→ REQUIRED WORK: Search the records for the word "evidence" and copy each line in which it appears.

++++ RECORDS PROVIDED ++++

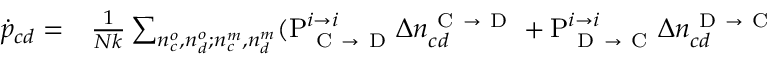
\begin{array} { r l } { \dot { p } _ { c d } = } & { { } \frac { 1 } { N k } \sum _ { n _ { c } ^ { o } , n _ { d } ^ { o } ; n _ { c } ^ { m } , n _ { d } ^ { m } } ( \mathrm { P } _ { \mathrm { ~ C ~ } \rightarrow \mathrm { ~ D ~ } } ^ { i \rightarrow i } \Delta n _ { c d } ^ { \mathrm { ~ C ~ } \rightarrow \mathrm { ~ D ~ } } + \mathrm { P } _ { \mathrm { ~ D ~ } \rightarrow \mathrm { ~ C ~ } } ^ { i \rightarrow i } \Delta n _ { c d } ^ { \mathrm { ~ D ~ } \rightarrow \mathrm { ~ C ~ } } } \end{array}
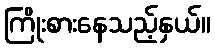
ကြိုးစားနေသည့်နှယ်။
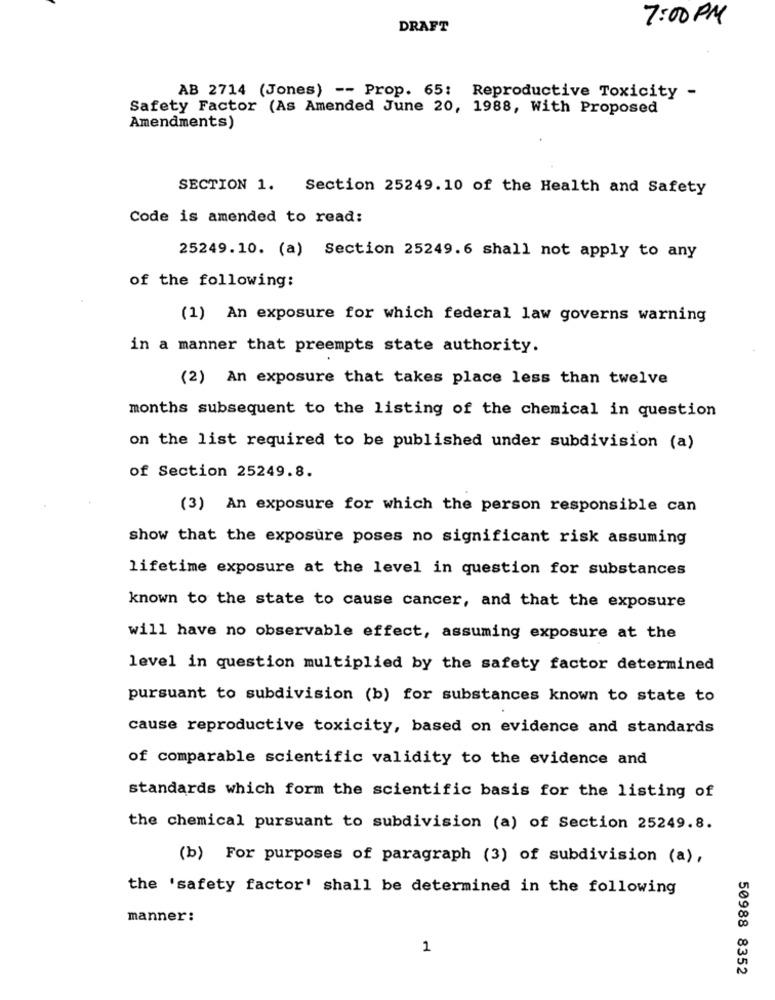
7:00 PM
DRAFT
AB 2714 (Jones) -- Prop. 65: Reproductive Toxicity -
Safety Factor (As Amended June 20, 1988, With Proposed
Amendments)
SECTION 1. Section 25249.10 of the Health and Safety
Code is amended to read:
25249.10. (a) Section 25249.6 shall not apply to any
of the following:
(1) An exposure for which federal law governs warning
in a manner that preempts state authority.
(2) An exposure that takes place less than twelve
months subsequent to the listing of the chemical in question
on the list required to be published under subdivision (a)
of Section 25249.8.
(3) An exposure for which the person responsible can
show that the exposure poses no significant risk assuming
lifetime exposure at the level in question for substances
known to the state to cause cancer, and that the exposure
will have no observable effect, assuming exposure at the
level in question multiplied by the safety factor determined
pursuant to subdivision (b) for substances known to state to
cause reproductive toxicity, based on evidence and standards
of comparable scientific validity to the evidence and
standards which form the scientific basis for the listing of
the chemical pursuant to subdivision (a) of Section 25249.8.
(b) For purposes of paragraph (3) of subdivision (a) ,
the 'safety factor' shall be determined in the following
manner:
1
50988 8352

++++

→ RESULT OF THE EXERCISE:
cause reproductive toxicity, based on evidence and standards
of comparable scientific validity to the evidence and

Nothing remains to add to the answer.